I'm not as familiar with narrative systems so I ask this in ignorance... but if you're relying on narrative anyway, what is the difference between systems? Why Masks over something like Fate? Genuine question, I don't know the answer.

No worries! Narrative mechanics are still mechanics! They still set up expectations and reward/punish certain behaviors, it's just usually focused on crafting a particular kind of story or theme or mood rather than being generally simulationist. Not that there isn't generalist narrative systems as well. I'd describe fate as a generalist narrative system, though I haven't played it merely read the basics, and Masks is specifically tuned to superhero teenage melodrama. A good genre specific narrative system assists you getting into the specific mindset for the game and helps you fulfill the "promise" of the genre it's trying to emulate.

For example, Masks has conditions that penalize your rolls. There are generic ways to relieve these conditions, but each condition also has a specific narrative requirement a player can fulfill to relieve them, and they've all been tailored to the idea that you're playing teenage superheroes.

For example; You can cure the insecure condition by acting rashly without checking in with your teammates, and the other conditions all have similarl cures that are destructive to the PC in a roleplay sense if they just tackle them straight on without help.

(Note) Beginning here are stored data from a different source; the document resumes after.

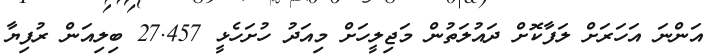
އަންނަ އަހަރަށް ލަފާކޮށް ދައުލަތުން މަޖިލީހަށް މިއަދު ހުށަހެޅީ 27.457 ބިލިއަން ރުފިޔާ
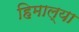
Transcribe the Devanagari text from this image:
हिमाल्या
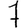
Digit: 7
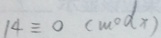
1 4 \equiv 0 ( m o d x )
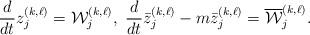
LaTeX: \begin{align*} &\frac{d}{dt} z^{(k,\ell)}_j =\mathcal{W}^{(k,\ell)}_j,\ \frac{d}{dt} \bar{z}^{(k,\ell)}_j-m \bar{z}^{(k,\ell)}_j =\overline{\mathcal{W}}^{(k,\ell)}_j.\end{align*}
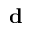
\mathbf { d }
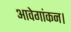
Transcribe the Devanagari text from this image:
आवेगांकन।
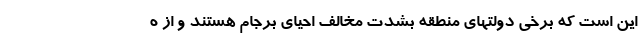
این است که برخی دولتهای منطقه بشدت مخالف احیای برجام هستند و از ه
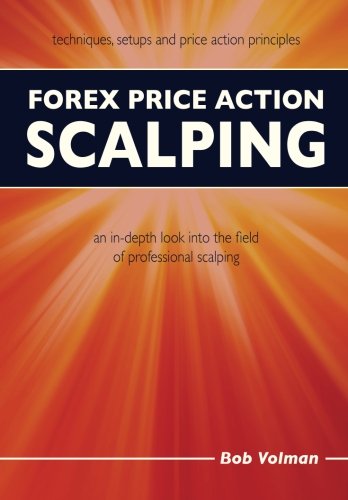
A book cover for Forex Price Action Scalping: an in-depth look into the field of professional scalping; Bob Volman; Business & Money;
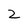
Character: Z
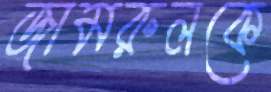
জামরুলকে
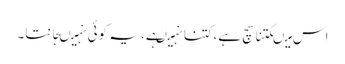
اس میںکتنا سچ ہے،کتنا نہیںہے، یہ کوئی نہیںجانتا۔
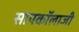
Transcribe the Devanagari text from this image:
सायकॉलाजी
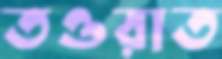
তওরাত
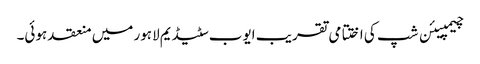
چیمپیئن شپ کی اختتامی تقریب ایوب سٹیڈیم لاہور میں منعقد ہوئی۔
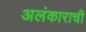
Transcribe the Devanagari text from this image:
अलंकाराची
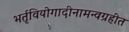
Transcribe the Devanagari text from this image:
भर्तृवियोगादीनामन्वग्रहीत
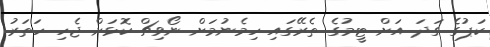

They create a problem in-story as you relieve the mechanical problem. However, you could relieve your insecurity condition if a teammate uses a move called Comfort or Support, where your characters have a heart to heart. For all these methods, you have to actually narratively act out and rp the scene before the dice, which is one of the reasons these are still narrative mechanics.

This give and take helps solidify a theme within the mechanics themselves: it's a balance between the destructive teenage coping mechanisms, and learning to rely on and bond with others as a team is a healthier way of dealing with your trauma and emotions. That's a simplification obviously. There's other ways to cure conditions but the overall idea is that the slight pressure of conditions penalizing rolls is used to specifically steer players and the GM towards specific themes and scenes that fulfill the superhero genre expectations.

Something super generic like FATE doesn't apply that pressure because it's so open that the tools you have to solve problems are not so specifically tailored to a kind of game. It puts the weight of driving the narrative and meeting genre expectations totally on the players and GM's shoulders. More open, but less directed as a result. It's not a bad thing, as Masks being specifically themed does mean it's much less flexible for even small thematic or genre shifts like making it more violent/mature or having adult superheroes (where acting desctructively/rashly is less understandable than it is with teenagers.) FATE wouldn't have an issue like that, and some tables don't want or need the extra mechanics pressure to conform to the conceit of the genre they're playing.

 

Once again, I've only glanced over FATE's rules not played it so if I'm off base on my analysis please yell at me.

Edited by ABlotOfInk (see edit history)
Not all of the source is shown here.